Она еще помнила объяснение величайшей красоты, которое слышала в детстве от матери. Затем она слетела вниз, во двор. Там тоже было чудесно. На стенах были нарисованы пальмы и разные ветви, а посреди двора стоял большой цветущий розовый куст. Он склонял свои свежие ветви, усыпанные розами, к могильной плите. Воробьиха подлетела к ней, увидав там еще несколько воробьев. Пип! И она три раза шаркнула левою лапкой. Этим приветствием воробьиха встречала из года в год всех воробьев, но никто не понимал его — расставшиеся не встречаются ведь каждый день, — и теперь она повторила его просто по привычке. Глядь, два старых воробья и один молоденький тоже шаркнули три раза левою лапкой и сказали «пип».
— А, здравствуйте! Здравствуйте!
Оказалось, что это были два старых воробья из ласточкиного гнезда и один молодой отпрыск семейства,
— Так вот где мы встретились! — сказали они. — Тут знаменитое место, только поживиться нечем! Вот она, красота-то! Пип!
Из боковых комнат, где стояли великолепные статуи, вышло во двор много народу; все подошли к каменной плите, под которой покоился великий мастер, изваявший все эти мраморные статуи, и долго-долго стояли возле нее молча, с задумчивым, но светлым выражением на лицах. Некоторые собирали опавшие розовые лепестки и прятали их на память. Среди посетителей были и прибывшие издалека — из великой Англии, из Германии, из Франции. Самая красивая из дам взяла одну розу и спрятала ее у себя на груди. Видя это, воробьи думали, что розы здесь царствуют и все здание построено, именно, для них.

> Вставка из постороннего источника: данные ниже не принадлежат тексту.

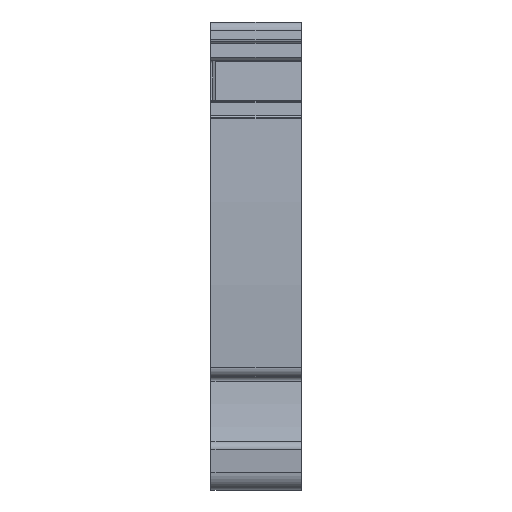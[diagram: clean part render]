
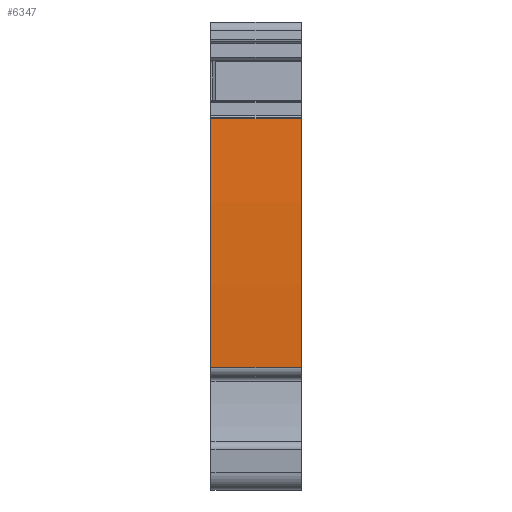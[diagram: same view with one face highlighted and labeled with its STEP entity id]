
A CAD part, front view. The second image highlights one B-rep face of the part: STEP entity #6347.
In plain terms, the highlighted cylindrical face has radius 230.64 mm (diameter 461.28 mm), a partial arc.
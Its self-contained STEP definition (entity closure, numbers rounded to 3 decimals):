
#692=AXIS2_PLACEMENT_3D('Circle Axis2P3D',#690,#691,$) ;
#3605=AXIS2_PLACEMENT_3D('Circle Axis2P3D',#3603,#3604,$) ;
#5563=AXIS2_PLACEMENT_3D('Cylinder Axis2P3D',#5560,#5561,#5562) ;
#687=CARTESIAN_POINT('Vertex',(10.,1.776,40.814)) ;
#690=CARTESIAN_POINT('Axis2P3D Location',(10.,231.877,25.05)) ;
#694=CARTESIAN_POINT('Vertex',(10.,1.529,13.45)) ;
#3600=CARTESIAN_POINT('Vertex',(0.,1.529,13.45)) ;
#3603=CARTESIAN_POINT('Axis2P3D Location',(0.,231.877,25.05)) ;
#3607=CARTESIAN_POINT('Vertex',(0.,1.776,40.814)) ;
#5560=CARTESIAN_POINT('Axis2P3D Location',(5.,231.877,25.05)) ;
#6323=CARTESIAN_POINT('Line Origine',(5.,1.776,40.814)) ;
#6336=CARTESIAN_POINT('Line Origine',(5.,1.529,13.45)) ;
#691=DIRECTION('Axis2P3D Direction',(1.,0.,0.)) ;
#3604=DIRECTION('Axis2P3D Direction',(1.,0.,0.)) ;
#5561=DIRECTION('Axis2P3D Direction',(1.,0.,0.)) ;
#5562=DIRECTION('Axis2P3D XDirection',(0.,-0.994,0.111)) ;
#6324=DIRECTION('Vector Direction',(1.,0.,0.)) ;
#6337=DIRECTION('Vector Direction',(1.,0.,0.)) ;
#6325=VECTOR('Line Direction',#6324,1.) ;
#6338=VECTOR('Line Direction',#6337,1.) ;
#6342=ORIENTED_EDGE('',*,*,#3609,.T.) ;
#6343=ORIENTED_EDGE('',*,*,#6340,.F.) ;
#6344=ORIENTED_EDGE('',*,*,#696,.F.) ;
#6345=ORIENTED_EDGE('',*,*,#6327,.T.) ;
#6347=ADVANCED_FACE('V1',(#6346),#5564,.T.) ;
#693=CIRCLE('generated circle',#692,230.64) ;
#3606=CIRCLE('generated circle',#3605,230.64) ;
#5564=CYLINDRICAL_SURFACE('generated cylinder',#5563,230.64) ;
#696=EDGE_CURVE('',#688,#695,#693,.T.) ;
#3609=EDGE_CURVE('',#3608,#3601,#3606,.T.) ;
#6327=EDGE_CURVE('',#688,#3608,#6326,.F.) ;
#6340=EDGE_CURVE('',#695,#3601,#6339,.F.) ;
#6341=EDGE_LOOP('',(#6342,#6343,#6344,#6345)) ;
#6346=FACE_OUTER_BOUND('',#6341,.T.) ;
#6326=LINE('Line',#6323,#6325) ;
#6339=LINE('Line',#6336,#6338) ;
#688=VERTEX_POINT('',#687) ;
#695=VERTEX_POINT('',#694) ;
#3601=VERTEX_POINT('',#3600) ;
#3608=VERTEX_POINT('',#3607) ;

По мнению воробьев, это было уж слишком большою честью для роз, но так как люди ухаживали за ними, то и воробьи не захотели отстать.

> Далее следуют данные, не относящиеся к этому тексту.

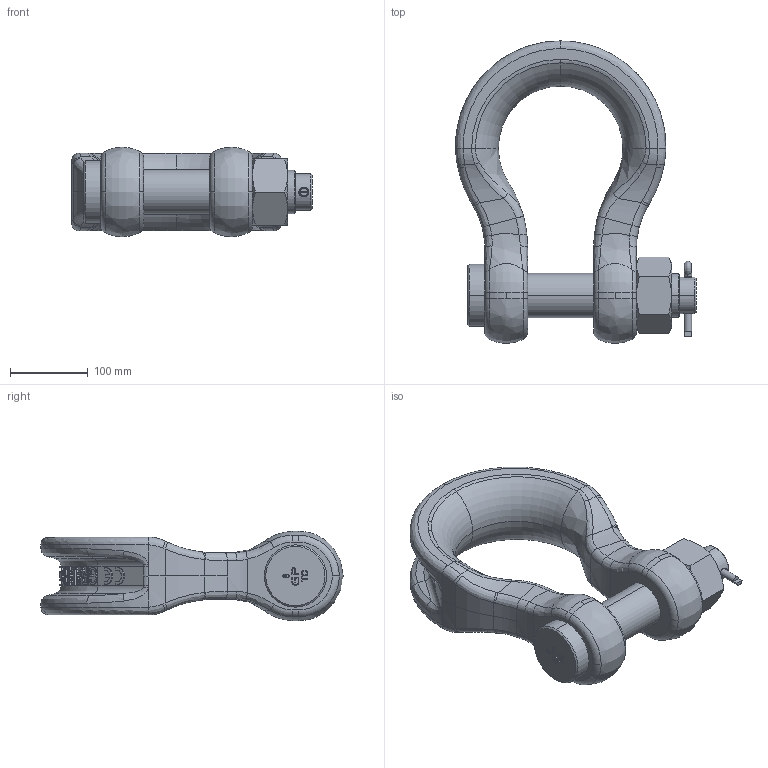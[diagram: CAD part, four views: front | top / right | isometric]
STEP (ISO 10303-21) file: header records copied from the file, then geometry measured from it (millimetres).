
FILE_DESCRIPTION(('STEP AP214'),'1');
FILE_NAME('slgpf0055.stp','2017-03-31T06:15:49',('TraceParts'),('TraceParts S.A.'),'Spatial InterOp 3D',' ',' ');
FILE_SCHEMA(('automotive_design'));
Length unit declared in the file: millimetre
Products named in the file (4): slgpf0055_1; slgpf0055_2; slgpf0055_3; slgpf0055_4
Bounding box: 309.53 x 388.29 x 115 mm (x, y, z)
Volume: 4058040.1 mm3; surface area: 343729.5 mm2
Topology: 4 solids, 4 shells, 625 faces, 1600 edges, 1012 vertices
Faces by surface type: bspline 275, plane 187, cylinder 95, torus 36, cone 32
Entity records: 87520 total; most frequent: CARTESIAN_POINT 68738, ORIENTED_EDGE 3192, DIRECTION 2273, EDGE_CURVE 1596, VERTEX_POINT 1012, AXIS2_PLACEMENT_3D 822, EDGE_LOOP 666, PRESENTATION_STYLE_ASSIGNMENT 633
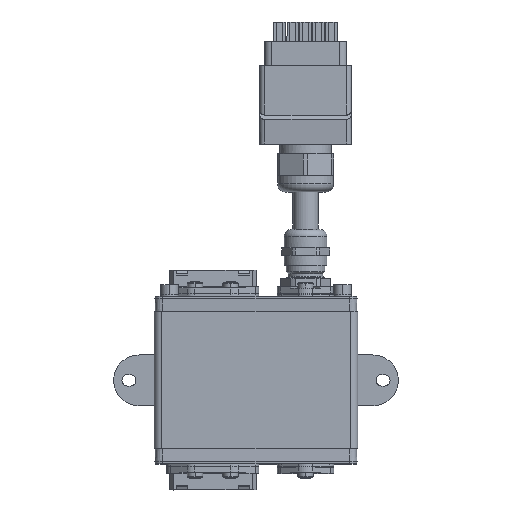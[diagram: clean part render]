
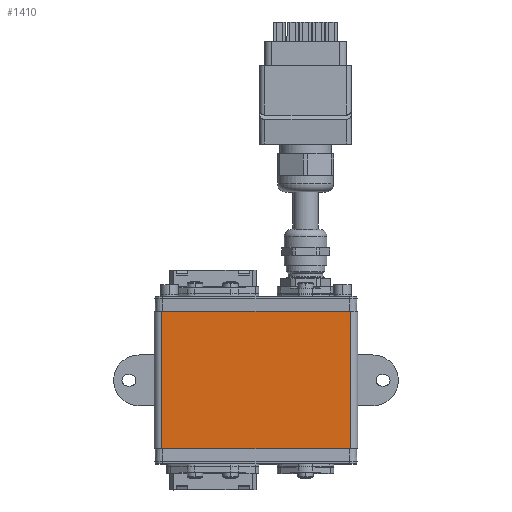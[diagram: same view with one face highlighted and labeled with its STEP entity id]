
A CAD part, top view. The second image highlights one B-rep face of the part: STEP entity #1410.
In plain terms, the highlighted planar face has unit normal (0, 0, 1).
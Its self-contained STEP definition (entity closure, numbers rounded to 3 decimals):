
#1390=AXIS2_PLACEMENT_3D('Plane Axis2P3D',#1387,#1388,#1389) ;
#1211=CARTESIAN_POINT('Line Origine',(56.,70.2,62.)) ;
#1215=CARTESIAN_POINT('Vertex',(93.,70.2,62.)) ;
#1217=CARTESIAN_POINT('Vertex',(19.,70.2,62.)) ;
#1368=CARTESIAN_POINT('Line Origine',(93.,43.2,62.)) ;
#1372=CARTESIAN_POINT('Vertex',(93.,16.2,62.)) ;
#1387=CARTESIAN_POINT('Axis2P3D Location',(93.,43.2,62.)) ;
#1392=CARTESIAN_POINT('Line Origine',(19.,43.2,62.)) ;
#1396=CARTESIAN_POINT('Vertex',(19.,16.2,62.)) ;
#1399=CARTESIAN_POINT('Line Origine',(56.,16.2,62.)) ;
#1212=DIRECTION('Vector Direction',(1.,0.,0.)) ;
#1369=DIRECTION('Vector Direction',(0.,-1.,0.)) ;
#1388=DIRECTION('Axis2P3D Direction',(0.,0.,1.)) ;
#1389=DIRECTION('Axis2P3D XDirection',(-1.,0.,0.)) ;
#1393=DIRECTION('Vector Direction',(0.,-1.,0.)) ;
#1400=DIRECTION('Vector Direction',(-1.,0.,0.)) ;
#1213=VECTOR('Line Direction',#1212,1.) ;
#1370=VECTOR('Line Direction',#1369,1.) ;
#1394=VECTOR('Line Direction',#1393,1.) ;
#1401=VECTOR('Line Direction',#1400,1.) ;
#1405=ORIENTED_EDGE('',*,*,#1398,.T.) ;
#1406=ORIENTED_EDGE('',*,*,#1403,.F.) ;
#1407=ORIENTED_EDGE('',*,*,#1374,.F.) ;
#1408=ORIENTED_EDGE('',*,*,#1219,.T.) ;
#1410=ADVANCED_FACE('Hauptk\X2\00F6\X0\rper',(#1409),#1391,.T.) ;
#1219=EDGE_CURVE('',#1216,#1218,#1214,.F.) ;
#1374=EDGE_CURVE('',#1216,#1373,#1371,.T.) ;
#1398=EDGE_CURVE('',#1218,#1397,#1395,.T.) ;
#1403=EDGE_CURVE('',#1373,#1397,#1402,.T.) ;
#1404=EDGE_LOOP('',(#1405,#1406,#1407,#1408)) ;
#1409=FACE_OUTER_BOUND('',#1404,.T.) ;
#1214=LINE('Line',#1211,#1213) ;
#1371=LINE('Line',#1368,#1370) ;
#1395=LINE('Line',#1392,#1394) ;
#1402=LINE('Line',#1399,#1401) ;
#1391=PLANE('',#1390) ;
#1216=VERTEX_POINT('',#1215) ;
#1218=VERTEX_POINT('',#1217) ;
#1373=VERTEX_POINT('',#1372) ;
#1397=VERTEX_POINT('',#1396) ;

— Пип! — сказали они и принялись мести пол хвостами и коситься на розы одним глазом. Недолго они смотрели, живо признали своих старых соседок. Это были ведь они самые. Художник, срисовавший розовый куст и обгорелые развалины дома, выпросил затем у хозяев позволение выкопать куст и подарил его строителю музея. На свете не могло быть ничего прекраснее этих роз, и строитель посадил весь куст на могиле Торвальдсена. Теперь он цвел над ней, как живое воплощение красоты, и отдавал свои розовые душистые лепестки на память людям, явившимся сюда из далеких стран.

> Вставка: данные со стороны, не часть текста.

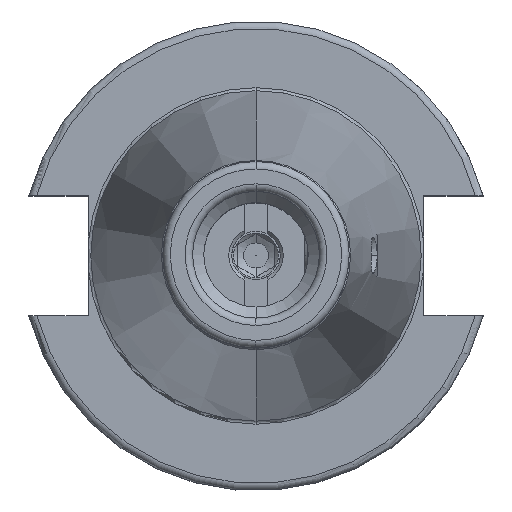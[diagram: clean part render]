
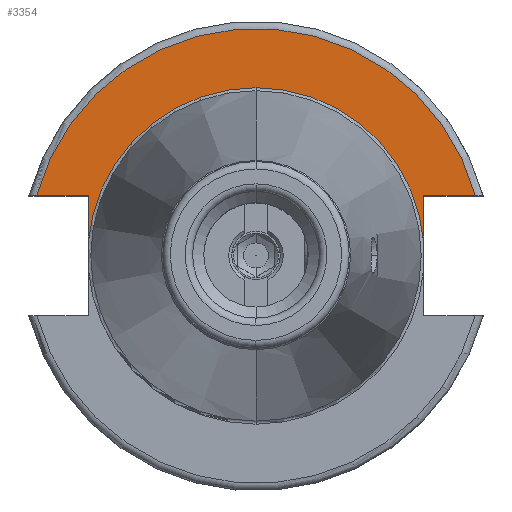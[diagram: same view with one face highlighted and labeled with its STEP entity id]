
A CAD part, top view. The second image highlights one B-rep face of the part: STEP entity #3354.
In plain terms, the highlighted planar face has unit normal (0, 0, 1).
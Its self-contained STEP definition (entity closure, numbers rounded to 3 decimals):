
#900=CARTESIAN_POINT('',(0,0,10));
#901=DIRECTION('',(0,0,1));
#902=DIRECTION('',(0,1,0));
#903=AXIS2_PLACEMENT_3D('',#900,#901,#902);
#984=DIRECTION('',(0,1,0));
#985=VECTOR('',#984,6.317);
#986=CARTESIAN_POINT('',(-22.5,1.733,10));
#987=LINE('',#986,#985);
#988=DIRECTION('',(1,0,0));
#989=VECTOR('',#988,6.918);
#990=CARTESIAN_POINT('',(-29.418,8.05,10));
#991=LINE('',#990,#989);
#992=DIRECTION('',(-1,0,0));
#993=VECTOR('',#992,6.918);
#994=CARTESIAN_POINT('',(29.418,8.05,10));
#995=LINE('',#994,#993);
#996=DIRECTION('',(0,-1,0));
#997=VECTOR('',#996,6.317);
#998=CARTESIAN_POINT('',(22.5,8.05,10));
#999=LINE('',#998,#997);
#1014=CARTESIAN_POINT('',(0,0,10));
#1015=DIRECTION('',(0,0,-1));
#1016=DIRECTION('',(0,1,0));
#1017=AXIS2_PLACEMENT_3D('',#1014,#1015,#1016);
#1145=CARTESIAN_POINT('',(0,0,10));
#1146=DIRECTION('',(0,0,1));
#1147=DIRECTION('',(0.965,0.264,0));
#1148=AXIS2_PLACEMENT_3D('',#1145,#1146,#1147);
#1717=CARTESIAN_POINT('',(0,22.567,10));
#1719=VERTEX_POINT('',#1717);
#1851=CARTESIAN_POINT('',(-22.5,1.733,10));
#1852=CARTESIAN_POINT('',(-22.5,8.05,10));
#1853=VERTEX_POINT('',#1851);
#1854=VERTEX_POINT('',#1852);
#1855=CARTESIAN_POINT('',(-29.418,8.05,10));
#1856=VERTEX_POINT('',#1855);
#1857=CARTESIAN_POINT('',(22.5,8.05,10));
#1858=CARTESIAN_POINT('',(22.5,1.733,10));
#1859=VERTEX_POINT('',#1857);
#1860=VERTEX_POINT('',#1858);
#1867=CARTESIAN_POINT('',(29.418,8.05,10));
#1868=VERTEX_POINT('',#1867);
#3335=CARTESIAN_POINT('',(0,0,10));
#3336=DIRECTION('',(0,0,-1));
#3337=DIRECTION('',(0,-1,0));
#3338=AXIS2_PLACEMENT_3D('',#3335,#3336,#3337);
#3339=PLANE('',#3338);
#3340=ORIENTED_EDGE('',*,*,#3247,.T.);
#3342=ORIENTED_EDGE('',*,*,#3341,.F.);
#3344=ORIENTED_EDGE('',*,*,#3343,.F.);
#3346=ORIENTED_EDGE('',*,*,#3345,.T.);
#3348=ORIENTED_EDGE('',*,*,#3347,.T.);
#3350=ORIENTED_EDGE('',*,*,#3349,.F.);
#3351=ORIENTED_EDGE('',*,*,#3226,.T.);
#3352=EDGE_LOOP('',(#3340,#3342,#3344,#3346,#3348,#3350,#3351));
#3353=FACE_OUTER_BOUND('',#3352,.F.);
#3354=ADVANCED_FACE('',(#3353),#3339,.F.);
#904=CIRCLE('',#903,22.567);
#1018=CIRCLE('',#1017,22.567);
#1149=CIRCLE('',#1148,30.5);
#3226=EDGE_CURVE('',#1719,#1853,#904,.T.);
#3247=EDGE_CURVE('',#1853,#1854,#987,.T.);
#3341=EDGE_CURVE('',#1856,#1854,#991,.T.);
#3343=EDGE_CURVE('',#1868,#1856,#1149,.T.);
#3345=EDGE_CURVE('',#1868,#1859,#995,.T.);
#3347=EDGE_CURVE('',#1859,#1860,#999,.T.);
#3349=EDGE_CURVE('',#1719,#1860,#1018,.T.);

— Вас определили на должность здесь, в городе? — спросили воробьи.
И розы кивнули им; они тоже узнали серых соседей и были рады встрече.
— Как хороша жизнь! — сказали они. — Жить, цвести, встречаться со старыми друзьями, ежедневно видеть вокруг себя милые, радостные лица!.. Тут каждый день точно великий праздник!
— Пип! — сказали воробьи один другому. — Да, это наши старые соседки! Мы помним их происхождение. Как же! Прямо от пруда да сюда! Пип! Ишь, в какую честь попали! Право, счастье приходит к иным во сне! И что хорошего в таких красных кляксах? Понять нельзя!.. А вон торчит увядший лепесток! Вижу! Вижу!
И каждый усердно клевал его; лепесток падал, но куст стоял все такой же свежий и зеленый; розы благоухали на солнышке над могилой Торвальдсена и склонялись к самой плите, как бы венчая его бессмертное имя.